# Description of the task
Copy every line from the records below that holds the word "Question".

# Dataset
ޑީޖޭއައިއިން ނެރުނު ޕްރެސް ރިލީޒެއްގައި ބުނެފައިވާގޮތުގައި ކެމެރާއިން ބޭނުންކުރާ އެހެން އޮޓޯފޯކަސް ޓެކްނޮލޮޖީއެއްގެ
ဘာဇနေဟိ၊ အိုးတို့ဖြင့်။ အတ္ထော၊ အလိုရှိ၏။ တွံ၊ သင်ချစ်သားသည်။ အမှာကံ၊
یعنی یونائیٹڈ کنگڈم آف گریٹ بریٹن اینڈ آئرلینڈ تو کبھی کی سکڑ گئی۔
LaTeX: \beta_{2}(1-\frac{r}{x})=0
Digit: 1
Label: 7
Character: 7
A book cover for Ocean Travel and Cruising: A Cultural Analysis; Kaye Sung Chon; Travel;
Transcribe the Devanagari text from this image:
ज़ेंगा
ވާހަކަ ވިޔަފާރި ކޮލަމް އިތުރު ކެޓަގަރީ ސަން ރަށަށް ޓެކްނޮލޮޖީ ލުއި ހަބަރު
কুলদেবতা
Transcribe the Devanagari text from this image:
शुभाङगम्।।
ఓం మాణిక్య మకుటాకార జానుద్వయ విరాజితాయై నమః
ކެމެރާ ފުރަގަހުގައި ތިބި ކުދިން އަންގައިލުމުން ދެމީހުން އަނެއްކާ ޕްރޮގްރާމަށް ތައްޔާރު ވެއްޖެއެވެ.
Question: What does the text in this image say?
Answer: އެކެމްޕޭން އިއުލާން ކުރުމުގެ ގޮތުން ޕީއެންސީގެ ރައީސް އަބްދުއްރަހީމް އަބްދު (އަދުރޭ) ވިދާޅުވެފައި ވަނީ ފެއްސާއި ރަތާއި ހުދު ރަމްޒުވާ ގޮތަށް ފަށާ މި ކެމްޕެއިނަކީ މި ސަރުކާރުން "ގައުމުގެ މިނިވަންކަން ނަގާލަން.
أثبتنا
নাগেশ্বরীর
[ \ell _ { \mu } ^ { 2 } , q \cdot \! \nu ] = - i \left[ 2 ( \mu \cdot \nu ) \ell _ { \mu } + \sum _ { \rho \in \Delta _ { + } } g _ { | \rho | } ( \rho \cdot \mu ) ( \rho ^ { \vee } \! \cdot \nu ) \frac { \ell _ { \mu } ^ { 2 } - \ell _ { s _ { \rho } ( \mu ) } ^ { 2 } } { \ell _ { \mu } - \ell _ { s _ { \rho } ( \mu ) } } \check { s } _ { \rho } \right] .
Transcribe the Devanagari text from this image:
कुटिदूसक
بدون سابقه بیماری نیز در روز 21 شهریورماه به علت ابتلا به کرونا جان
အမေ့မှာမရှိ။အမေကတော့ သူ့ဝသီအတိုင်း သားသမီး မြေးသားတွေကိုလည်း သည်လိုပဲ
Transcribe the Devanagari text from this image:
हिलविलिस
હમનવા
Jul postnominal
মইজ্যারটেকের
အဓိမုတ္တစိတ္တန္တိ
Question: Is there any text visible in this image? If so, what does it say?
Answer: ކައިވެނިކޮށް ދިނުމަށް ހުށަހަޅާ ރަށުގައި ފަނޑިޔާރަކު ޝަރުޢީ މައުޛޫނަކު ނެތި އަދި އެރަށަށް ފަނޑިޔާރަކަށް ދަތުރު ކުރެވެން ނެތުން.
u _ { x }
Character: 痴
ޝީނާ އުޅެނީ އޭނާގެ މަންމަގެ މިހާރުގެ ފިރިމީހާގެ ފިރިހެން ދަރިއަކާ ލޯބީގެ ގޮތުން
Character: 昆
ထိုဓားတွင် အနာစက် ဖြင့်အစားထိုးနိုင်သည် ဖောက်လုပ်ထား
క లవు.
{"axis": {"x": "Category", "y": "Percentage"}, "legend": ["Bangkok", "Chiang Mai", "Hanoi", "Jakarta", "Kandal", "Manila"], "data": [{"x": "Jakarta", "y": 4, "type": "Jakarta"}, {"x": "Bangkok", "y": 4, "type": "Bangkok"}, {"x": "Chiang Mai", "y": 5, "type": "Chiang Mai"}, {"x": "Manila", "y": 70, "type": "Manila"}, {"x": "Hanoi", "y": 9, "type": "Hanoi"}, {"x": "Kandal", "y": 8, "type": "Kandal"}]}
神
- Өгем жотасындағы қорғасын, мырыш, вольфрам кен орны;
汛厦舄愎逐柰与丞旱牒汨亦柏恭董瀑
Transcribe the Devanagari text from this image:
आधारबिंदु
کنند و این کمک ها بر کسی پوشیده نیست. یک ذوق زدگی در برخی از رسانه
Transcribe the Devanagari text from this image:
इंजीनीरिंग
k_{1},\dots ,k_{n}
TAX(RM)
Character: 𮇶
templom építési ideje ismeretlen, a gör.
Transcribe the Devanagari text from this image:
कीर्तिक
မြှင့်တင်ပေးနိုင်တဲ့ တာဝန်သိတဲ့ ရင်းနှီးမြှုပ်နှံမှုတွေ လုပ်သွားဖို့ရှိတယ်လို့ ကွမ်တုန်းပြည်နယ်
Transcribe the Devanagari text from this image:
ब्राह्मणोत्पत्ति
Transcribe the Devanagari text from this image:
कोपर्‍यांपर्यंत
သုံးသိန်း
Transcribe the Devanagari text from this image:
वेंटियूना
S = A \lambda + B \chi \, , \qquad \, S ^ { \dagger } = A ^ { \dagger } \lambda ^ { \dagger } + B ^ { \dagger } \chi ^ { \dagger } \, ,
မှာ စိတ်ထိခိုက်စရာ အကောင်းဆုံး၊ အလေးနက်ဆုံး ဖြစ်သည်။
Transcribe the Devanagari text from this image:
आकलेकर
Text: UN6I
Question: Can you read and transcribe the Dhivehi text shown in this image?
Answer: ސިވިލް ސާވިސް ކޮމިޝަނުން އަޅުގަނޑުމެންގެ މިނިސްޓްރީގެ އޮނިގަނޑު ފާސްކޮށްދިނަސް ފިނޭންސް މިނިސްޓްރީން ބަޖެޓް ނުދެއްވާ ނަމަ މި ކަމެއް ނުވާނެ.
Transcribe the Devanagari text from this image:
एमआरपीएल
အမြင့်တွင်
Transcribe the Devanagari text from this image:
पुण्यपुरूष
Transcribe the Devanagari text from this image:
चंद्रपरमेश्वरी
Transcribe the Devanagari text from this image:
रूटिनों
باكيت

# Answer space
Question: What does the text in this image say?
Question: Is there any text visible in this image? If so, what does it say?
Question: Can you read and transcribe the Dhivehi text shown in this image?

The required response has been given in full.